Et comment ne songerions-nous pas en ce moment à vous, glorieux étudiants américains, devenus les frères d'armes des chers et héroïques enfants de nos Universités ! Vous travailliez paisiblement à acquérir la connaissance du beau et du vrai, vous meniez la vie heureuse de ceux qui marchent avec allégresse sur le chemin de la Science, l'avenir vous souriait et le présent était plein de douceur. Subitement, le grand devoir vous a appelés; avec ardeur et enthousiasme vous vous êtes préparés à la guerre, à la plus juste des guerres; vos Universités hâtivement et fièrement se sont transformées en Écoles militaires.
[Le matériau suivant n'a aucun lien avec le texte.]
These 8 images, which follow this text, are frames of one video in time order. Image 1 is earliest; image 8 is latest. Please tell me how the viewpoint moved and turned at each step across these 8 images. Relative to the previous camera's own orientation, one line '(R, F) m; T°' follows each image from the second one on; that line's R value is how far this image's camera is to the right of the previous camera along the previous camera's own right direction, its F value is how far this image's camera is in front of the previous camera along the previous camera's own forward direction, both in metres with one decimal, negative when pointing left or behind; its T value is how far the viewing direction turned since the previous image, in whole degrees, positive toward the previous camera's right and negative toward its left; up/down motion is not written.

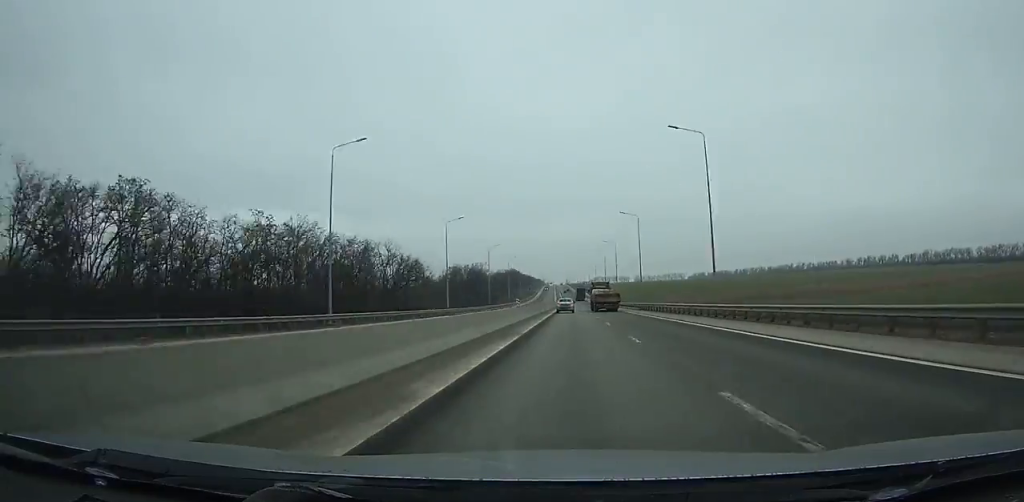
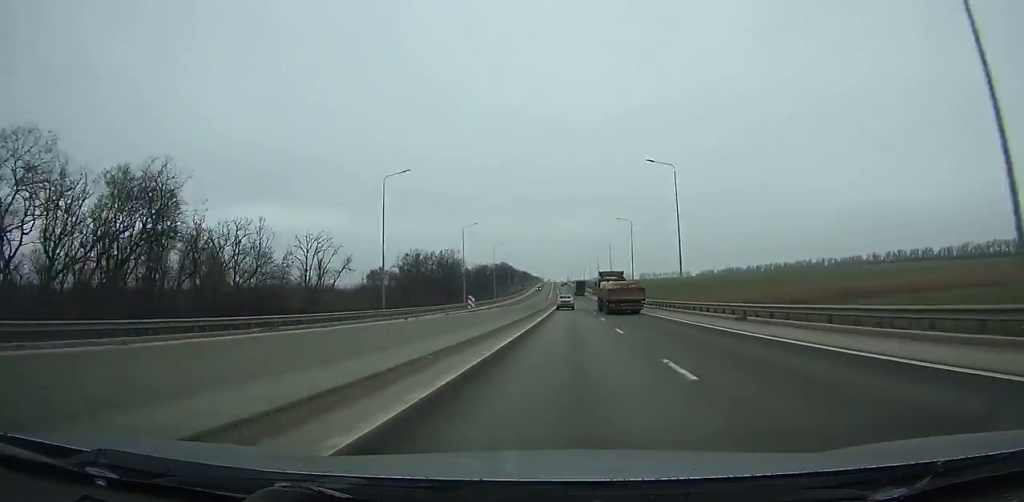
(+0.1, +69.0) m; 0°
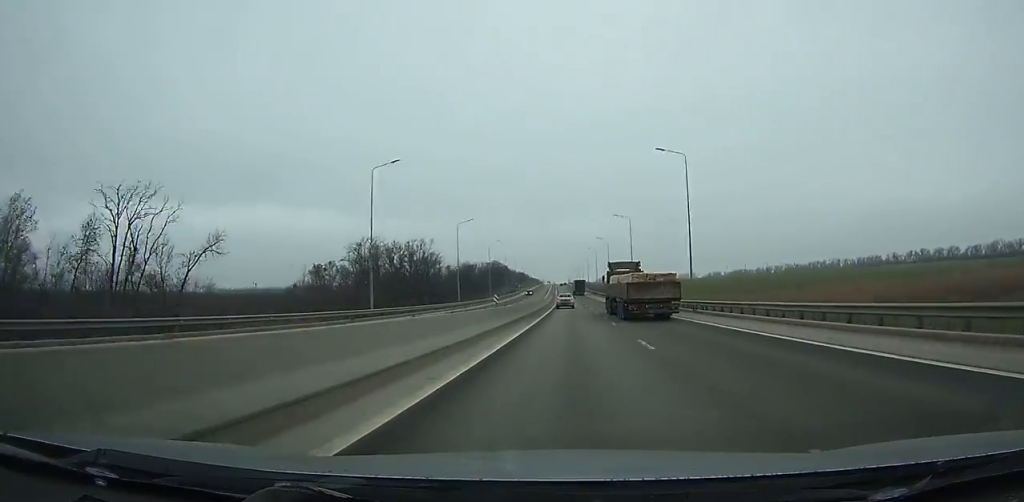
(0.0, +43.6) m; 0°
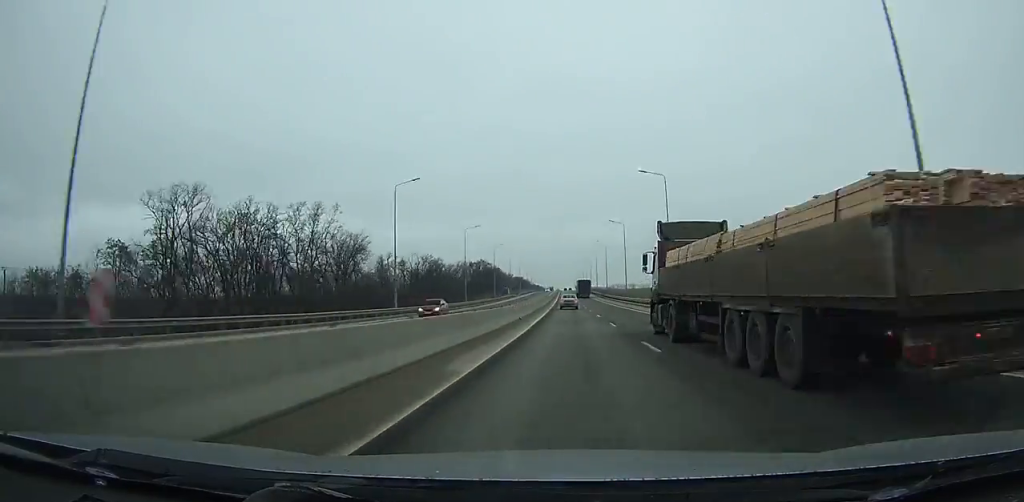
(-0.2, +72.7) m; 0°
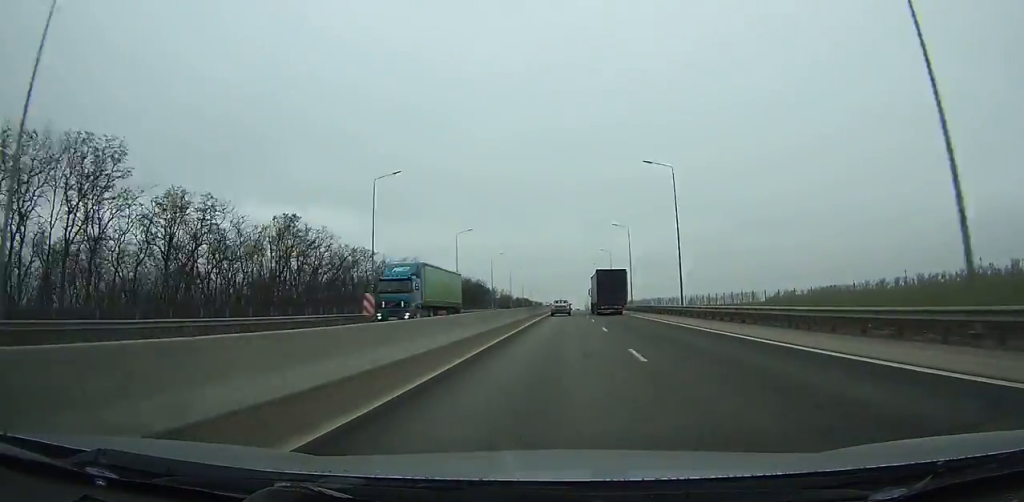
(-2.2, +241.2) m; -1°
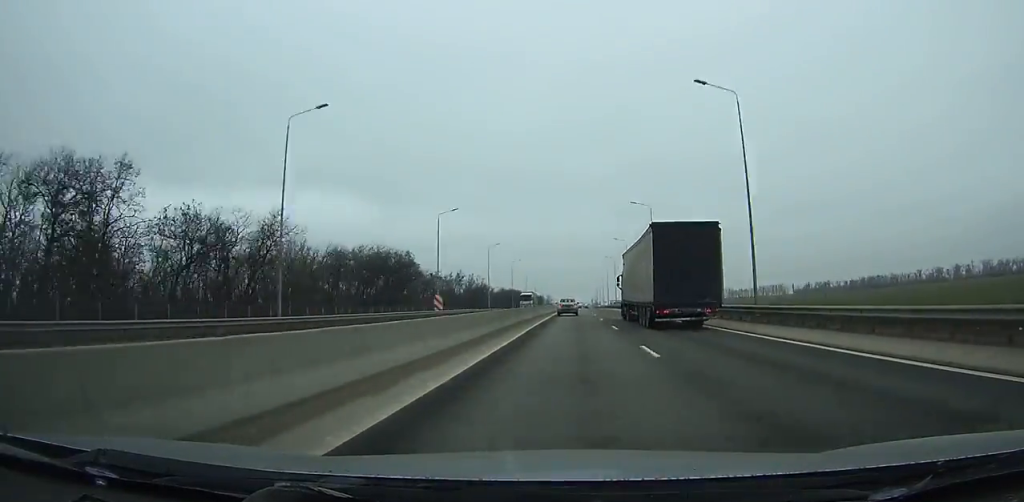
(0.0, +95.8) m; 0°
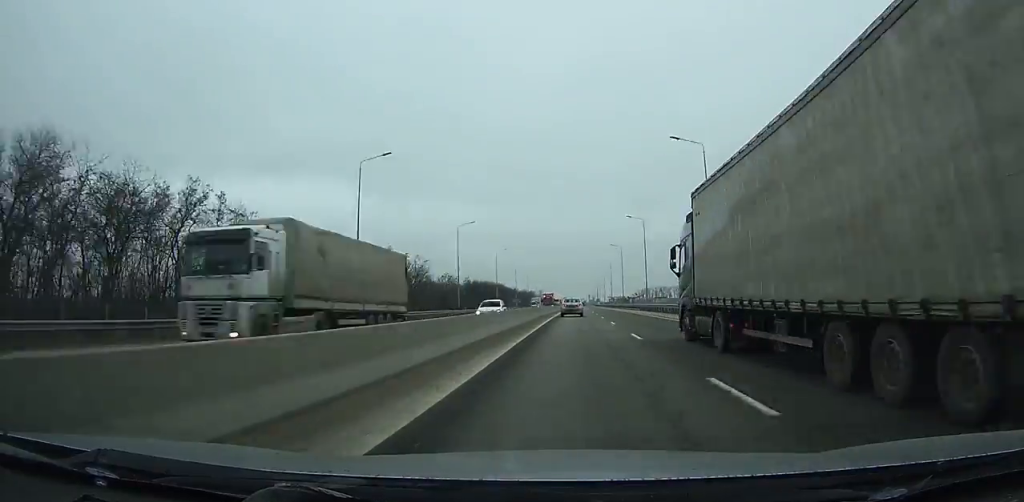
(0.0, +66.9) m; 0°
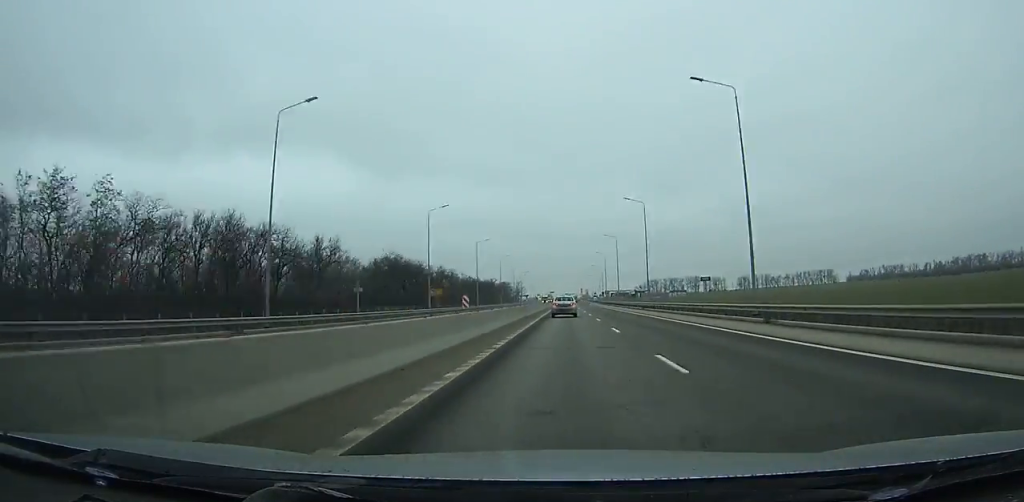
(+0.7, +128.3) m; 0°

Vous avez prouvé que la culture universitaire prépare à toutes les nobles missions parce qu'elle enseigne l'ordre et la discipline de l'esprit, et rapidement vous êtes devenus ces jeunes et solides officiers qui ont conduit vos armées à la victoire.

Hélas! beaucoup d'entre vous ne rentreront pas dans leur patrie bien-aimée; ils sont tombés sur le sol de cette France où ils avaient senti, nous l'espérons, qu'ils n'étaient pas sur une terre étrangère; ils ont légué à la jeunesse de nos deux républiques un immortel exemple d'union fraternelle et, désormais, les étudiants des pays qui ont lutté et vaincu ensemble pour la liberté du monde voudront d'un même cœur, unis dans la vie comme leurs aînés l'ont été dans la mort, travailler dans la paix restaurée pour que soit toujours plus haute la dignité de la justice et plus resplendissante la splendeur du droit.

Gloire aux étudiants américains, gloire aux éminents professeurs de leurs Universités, gloire à vous, Monsieur le Président, qui êtes le premier parmi ceux-ci.